> _What the exercise asks_: Write the listing out again word for word, leaving each picture behind.

> _Dataset_:

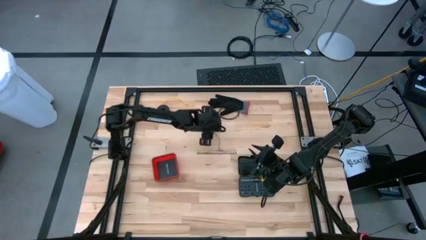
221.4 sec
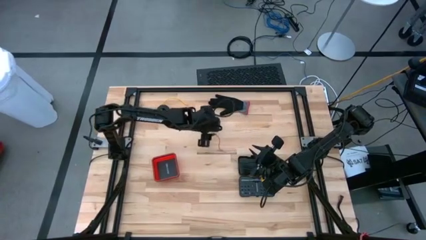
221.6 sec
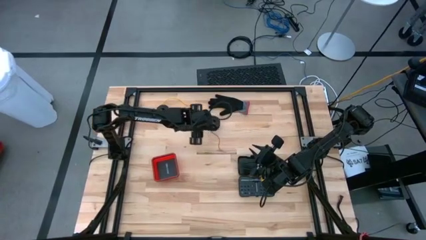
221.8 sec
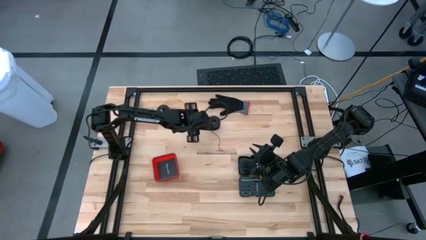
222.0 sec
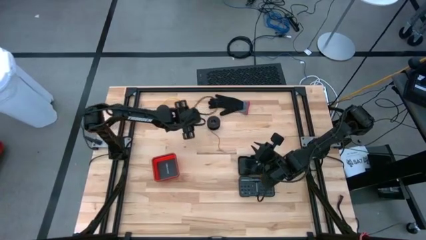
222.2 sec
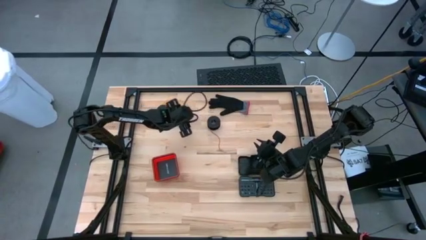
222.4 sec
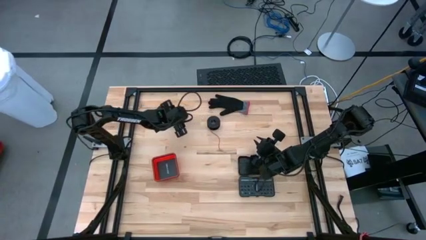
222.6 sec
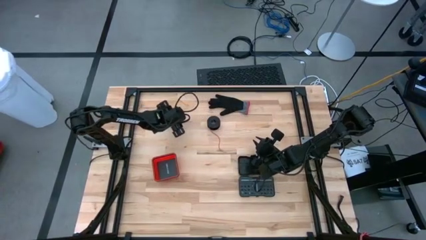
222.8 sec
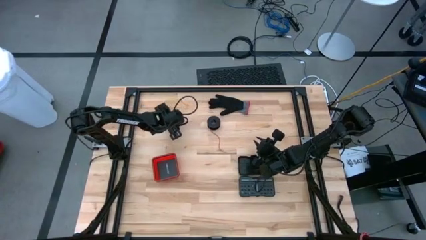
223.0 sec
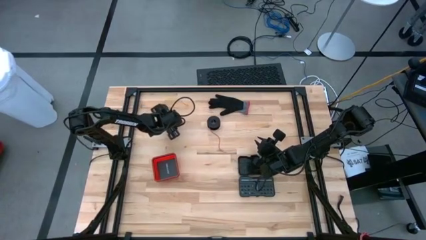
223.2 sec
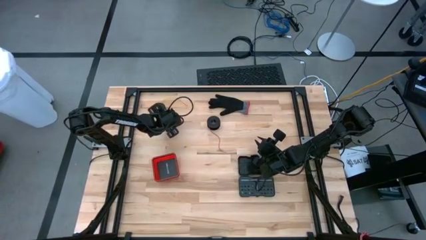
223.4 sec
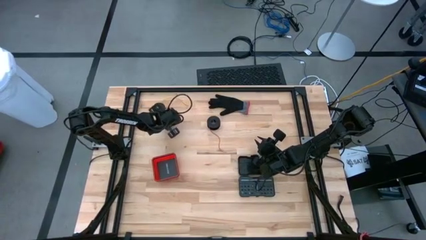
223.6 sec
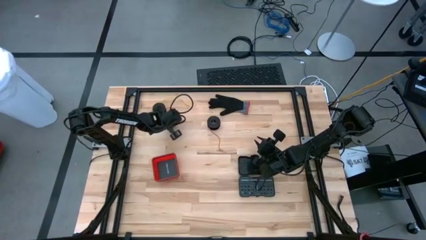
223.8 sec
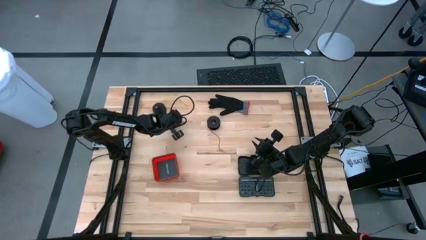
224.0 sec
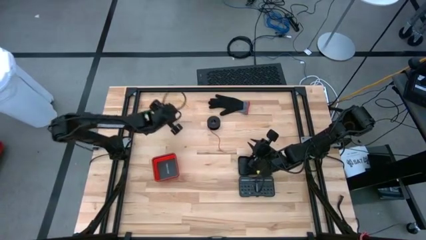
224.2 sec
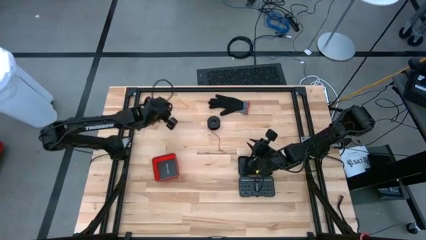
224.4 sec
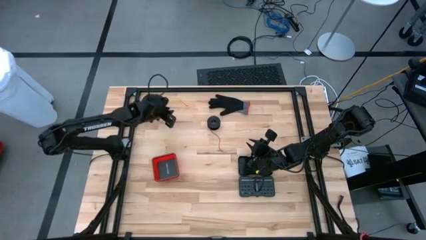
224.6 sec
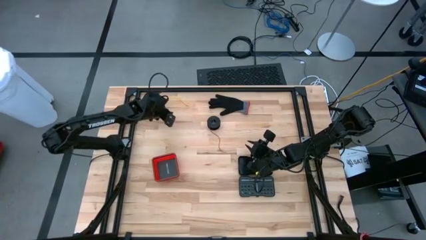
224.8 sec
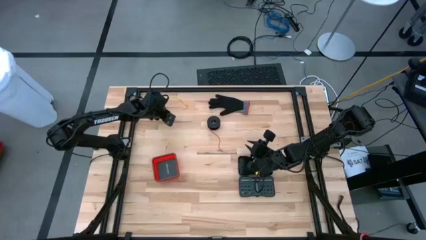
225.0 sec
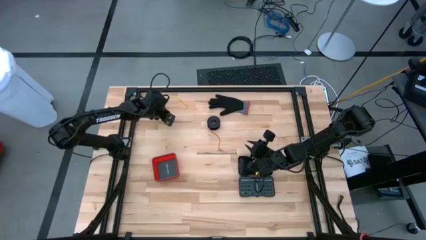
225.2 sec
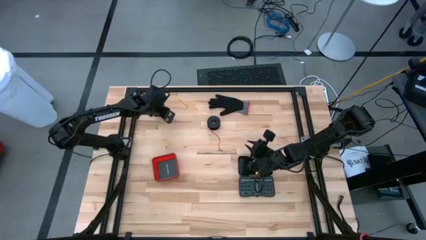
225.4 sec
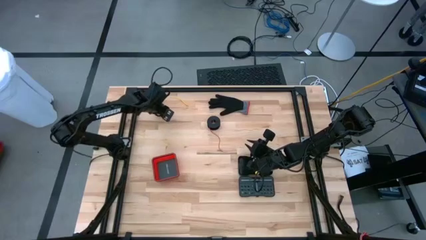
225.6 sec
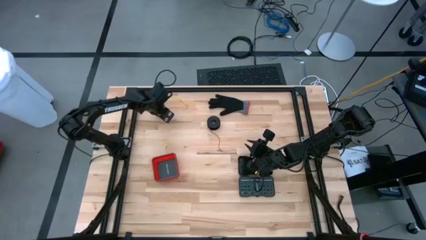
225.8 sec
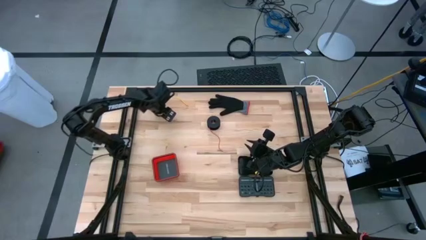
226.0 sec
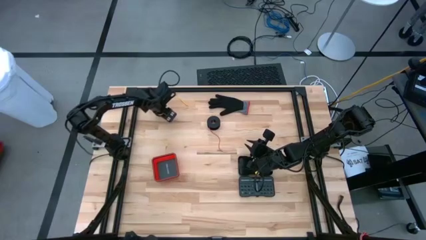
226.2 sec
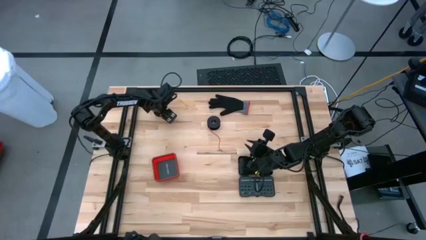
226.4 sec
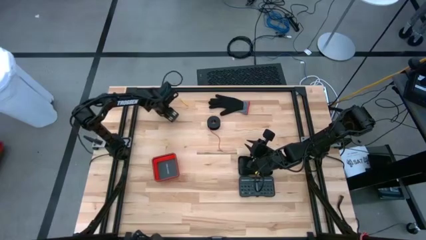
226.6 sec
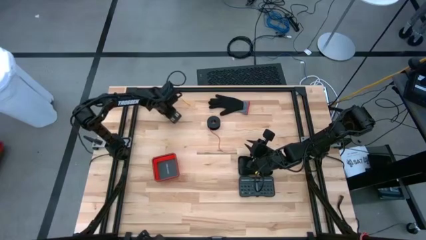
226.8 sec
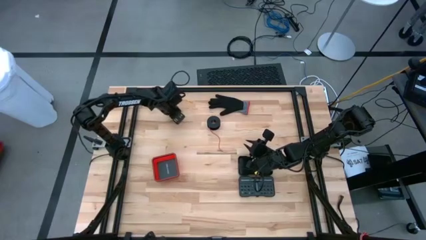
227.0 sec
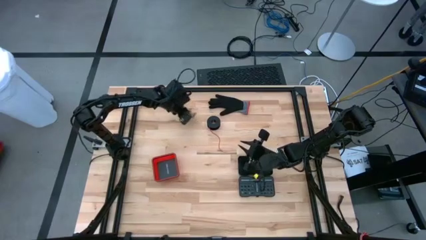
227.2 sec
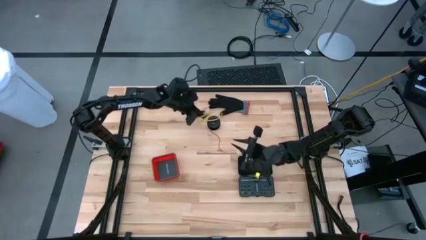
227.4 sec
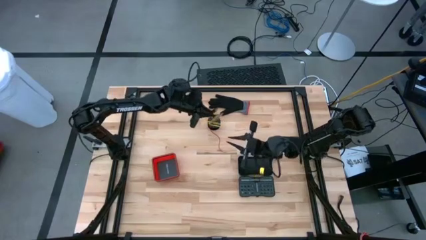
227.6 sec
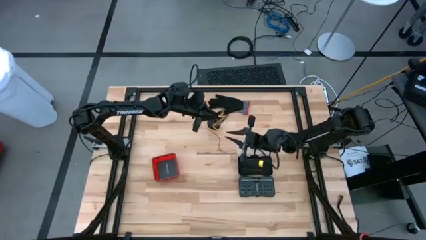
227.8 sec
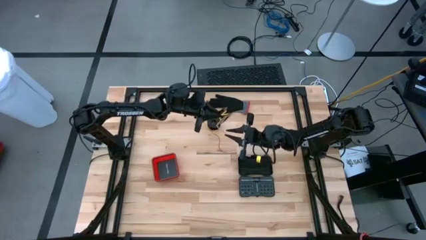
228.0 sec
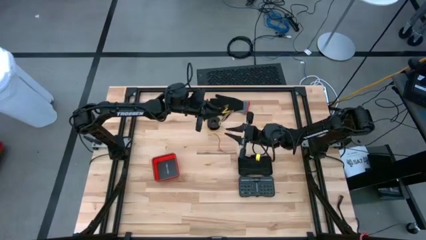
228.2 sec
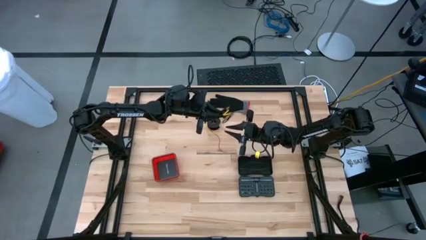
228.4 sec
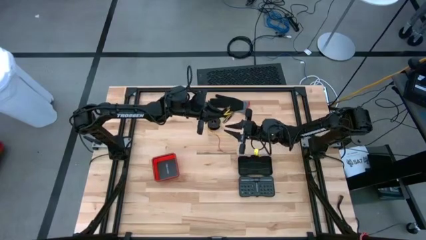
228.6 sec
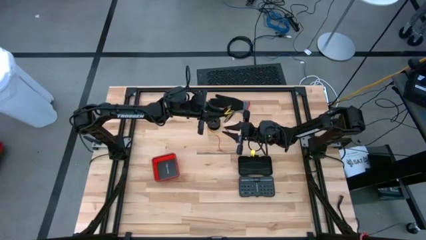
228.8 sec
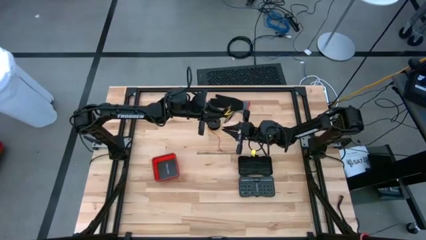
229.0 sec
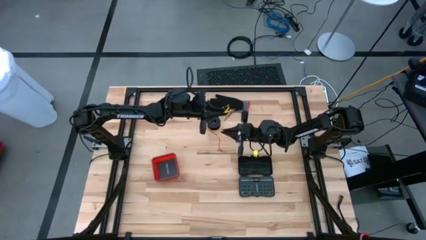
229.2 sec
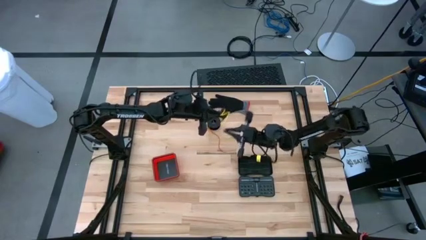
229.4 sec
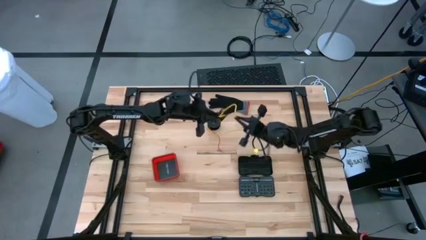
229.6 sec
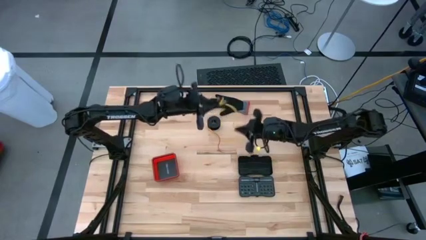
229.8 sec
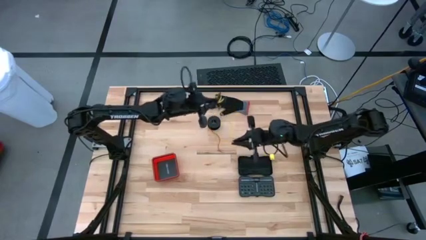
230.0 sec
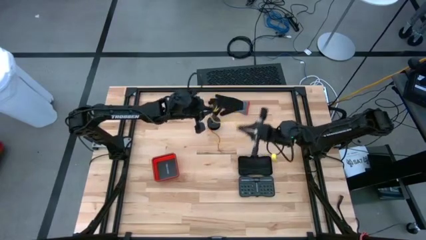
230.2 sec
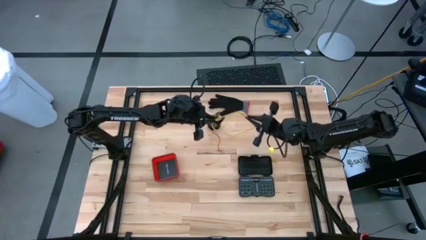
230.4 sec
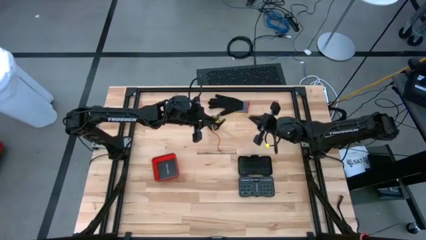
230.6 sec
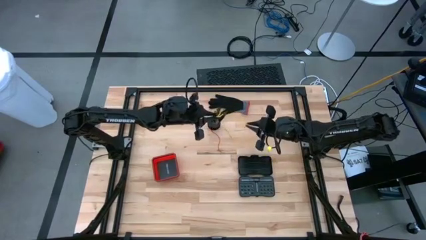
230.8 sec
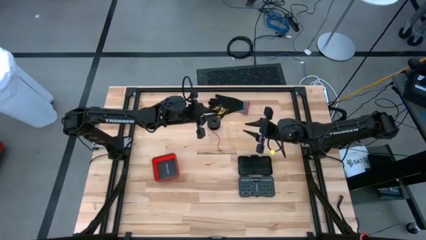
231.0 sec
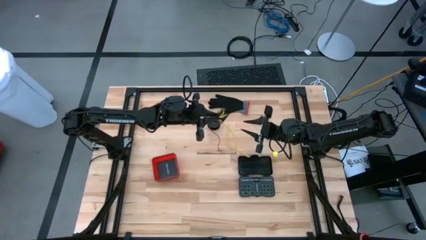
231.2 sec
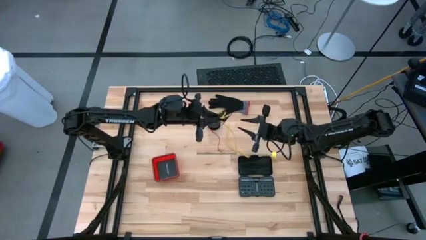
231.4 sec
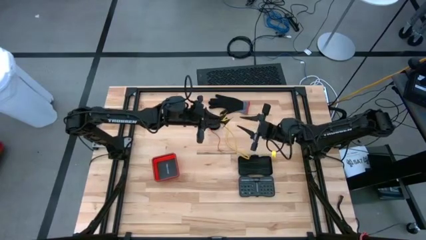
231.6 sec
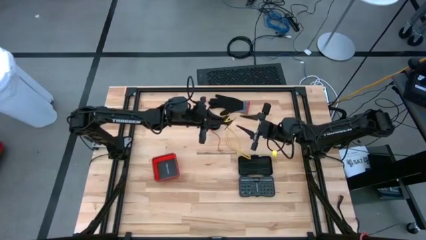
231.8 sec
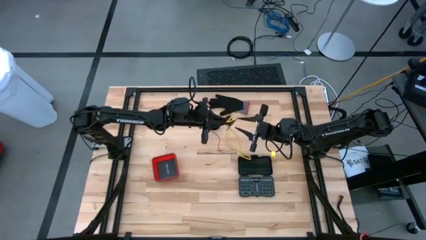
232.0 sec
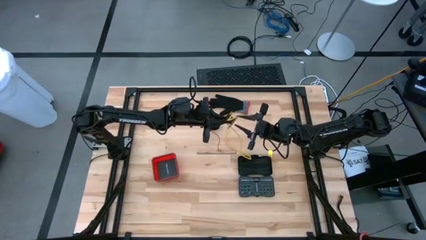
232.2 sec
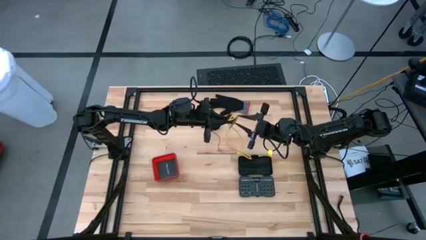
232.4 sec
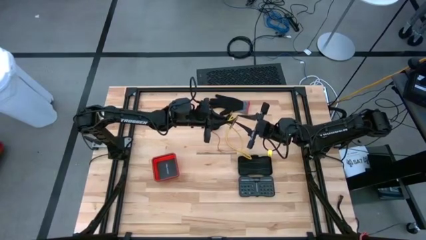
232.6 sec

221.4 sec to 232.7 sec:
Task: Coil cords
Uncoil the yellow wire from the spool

> _Output of the exercise_:
221.4 sec
221.6 sec
221.8 sec
222.0 sec
222.2 sec
222.4 sec
222.6 sec
222.8 sec
223.0 sec
223.2 sec
223.4 sec
223.6 sec
223.8 sec
224.0 sec
224.2 sec
224.4 sec
224.6 sec
224.8 sec
225.0 sec
225.2 sec
225.4 sec
225.6 sec
225.8 sec
226.0 sec
226.2 sec
226.4 sec
226.6 sec
226.8 sec
227.0 sec
227.2 sec
227.4 sec
227.6 sec
227.8 sec
228.0 sec
228.2 sec
228.4 sec
228.6 sec
228.8 sec
229.0 sec
229.2 sec
229.4 sec
229.6 sec
229.8 sec
230.0 sec
230.2 sec
230.4 sec
230.6 sec
230.8 sec
231.0 sec
231.2 sec
231.4 sec
231.6 sec
231.8 sec
232.0 sec
232.2 sec
232.4 sec
232.6 sec

221.4 sec to 232.7 sec:
Task: Coil cords
Uncoil the yellow wire from the spool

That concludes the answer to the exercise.